ASSIGNMENT -
The lines to transcribe begin with the one containing "Character: 𩤙" and end with the last line below; reproduce them exactly, without the pictures.

DATA FOR THE TASK -

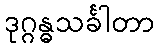
ဒုဂ္ဂန္ဓသင်္ခါတာ
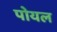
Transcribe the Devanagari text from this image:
पोयल
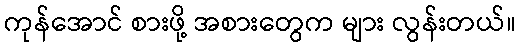
ကုန်အောင် စားဖို့ အစားတွေက များ လွန်းတယ်။
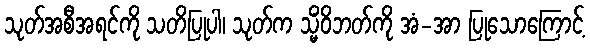
သုတ်အစီအရင်ကို သတိပြုပါ၊ သုတ်က သ္မိံဝိဘတ်ကို အံ-အာ ပြုသောကြောင့်
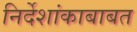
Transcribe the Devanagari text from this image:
निर्देशांकाबाबत
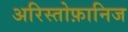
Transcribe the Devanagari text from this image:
अरिस्तोफ़ानिज
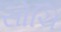
સોચિ
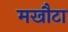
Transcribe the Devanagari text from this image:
मखौटा
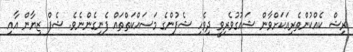
ރިޝް ކެއްކުންތެރިއަކަށްވާން ޝައުގުވެރިވީ ދިވެހި ޝެފުންގެ މަސައްކަތްތައް ފެނިގެންނެވެ. ޝެފް ޒިޔާން އާއި
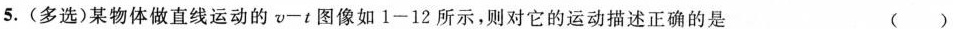
5.(多选)某物体做直线运动的$$v - t$$图像如1-12所示，则对它的运动描述正确的是 ( )
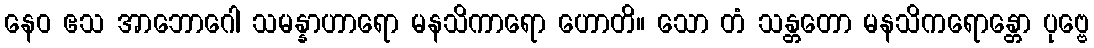
နေဝ ဧသ အာဘောဂေါ သမန္နာဟာရော မနသိကာရော ဟောတိ။ သော တံ သန္တတော မနသိကရောန္တော ပုဗ္ဗေ
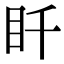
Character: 䀒
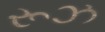
રૂઝ
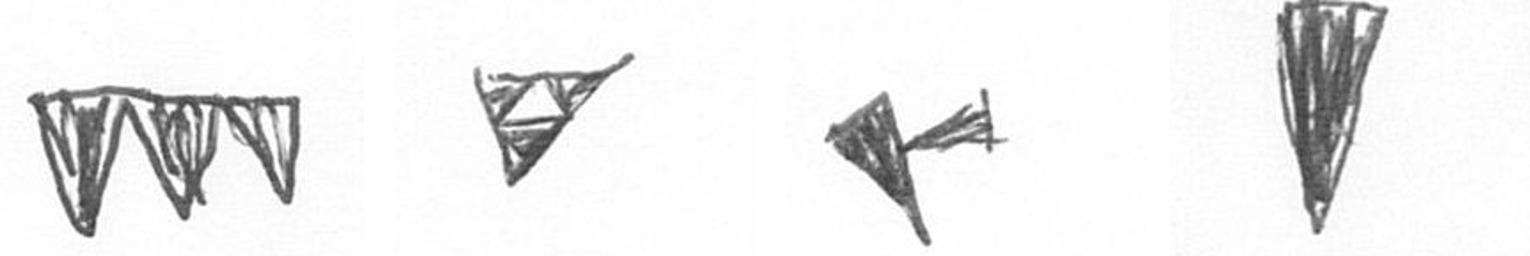
L S F J
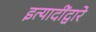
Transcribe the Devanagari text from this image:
इत्यादींद्वारे
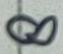
Text: 8
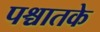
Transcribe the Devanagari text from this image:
पश्चातके
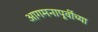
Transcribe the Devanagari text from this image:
आगमनापूर्वीच्या
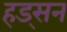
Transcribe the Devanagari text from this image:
हड्सन
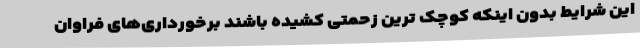
این شرایط بدون اینکه کوچک ترین زحمتی کشیده باشند برخورداری‌های فراوان
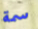
سمة
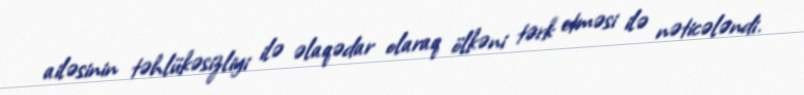
ailəsinin təhlükəsizliyi ilə əlaqədar olaraq ölkəni tərk etməsi ilə nəticələndi.
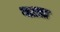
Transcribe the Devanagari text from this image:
गाय़ा
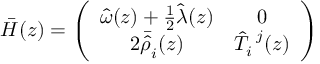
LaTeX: \bar { H } ( z ) = \left( \begin{array} { c c } { { \hat { \omega } ( z ) + \textstyle { \frac { 1 } { 2 } } \hat { \lambda } ( z ) } } & { { 0 } } \\ { { 2 \bar { \hat { \rho } } _ { i } ( z ) } } & { { \hat { T } _ { i } ^ { ~ j } ( z ) } } \end{array} \right)
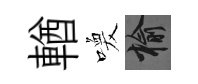
輶喚榆
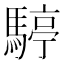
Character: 𩤙
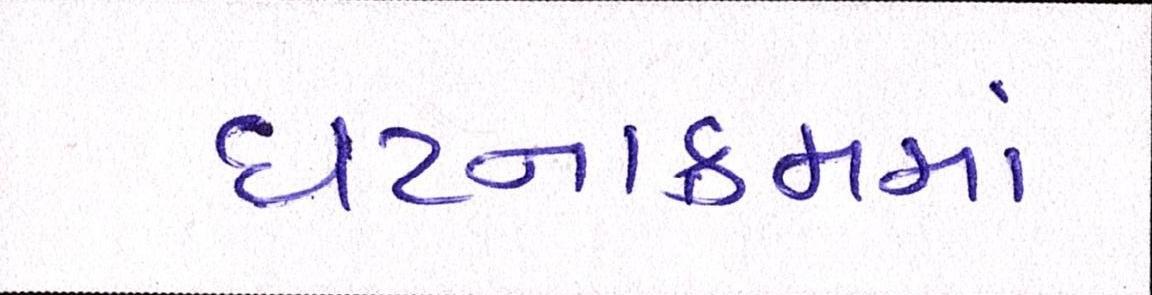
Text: ઘટનાક્રમમાં
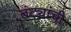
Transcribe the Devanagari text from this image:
तंट्यांची
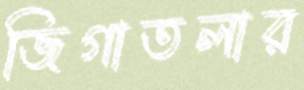
জিগাতলার
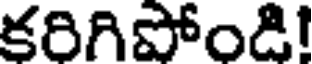
కరిగిపోండి!
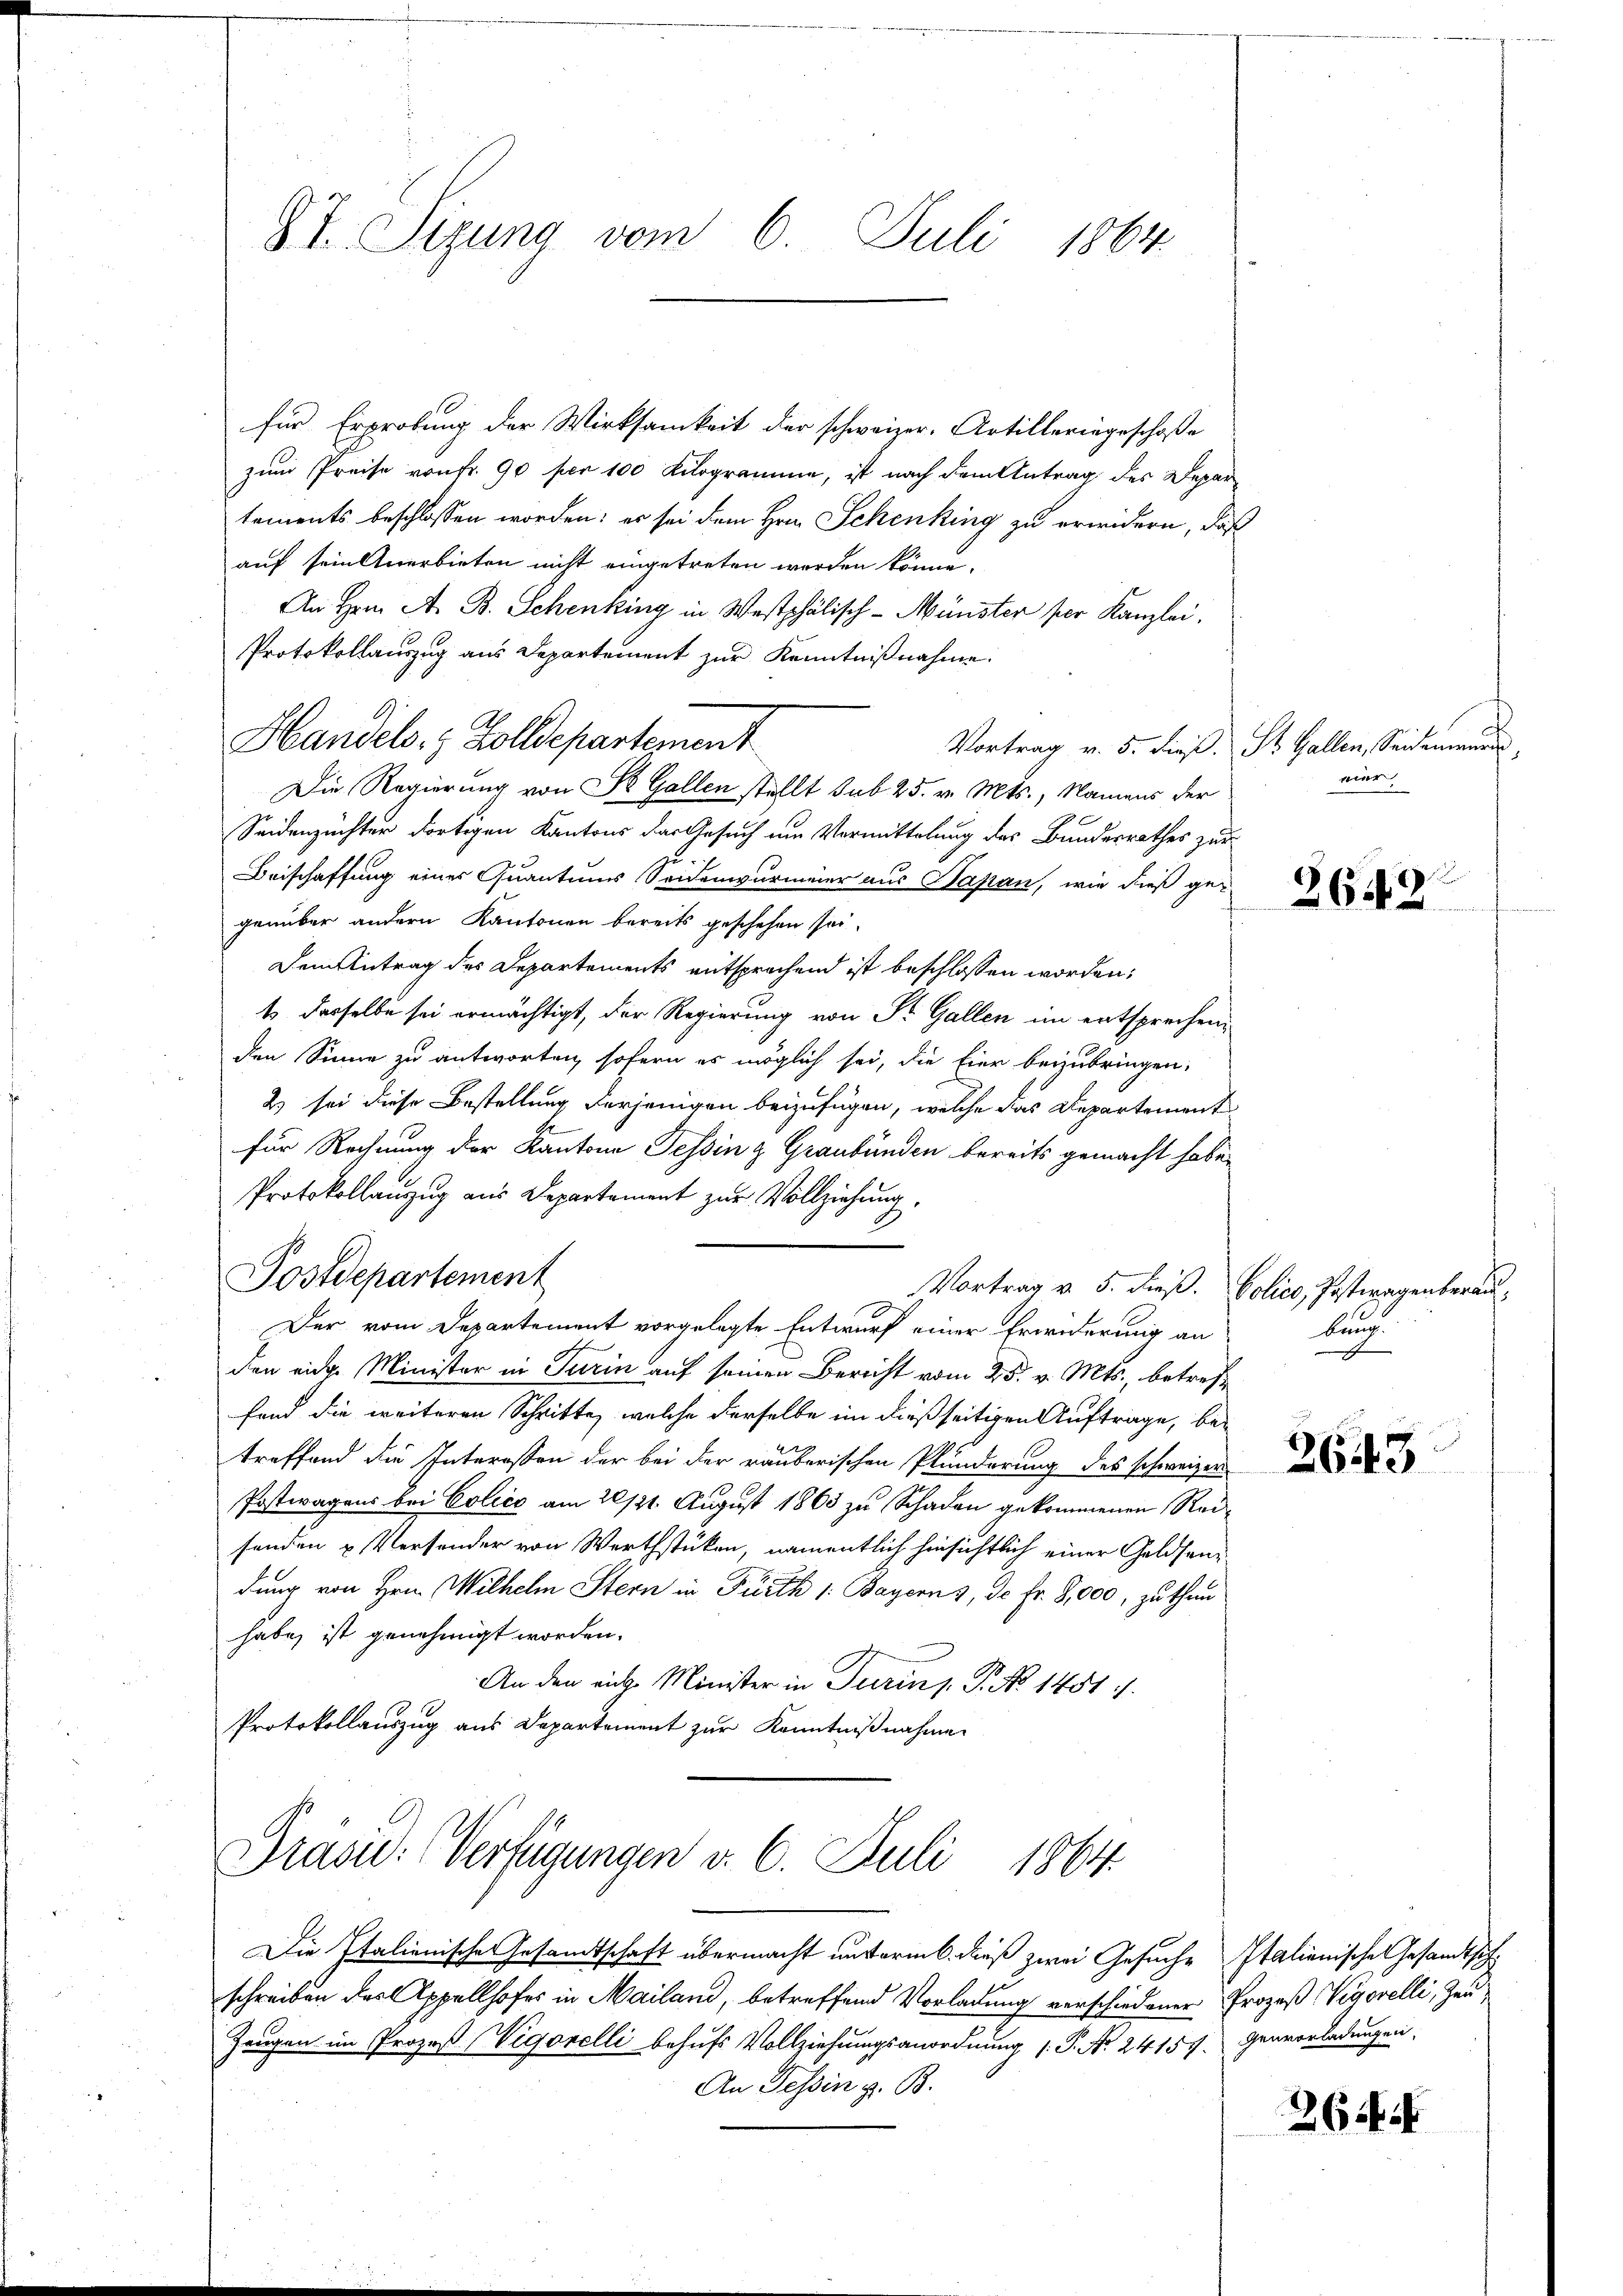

RESPONSE BOX -
Character: 𩤙
Text: ઘટનાક્રમમાં
Transcribe the Devanagari text from this image:
तंट्यांची
জিগাতলার
కరిగిపోండి!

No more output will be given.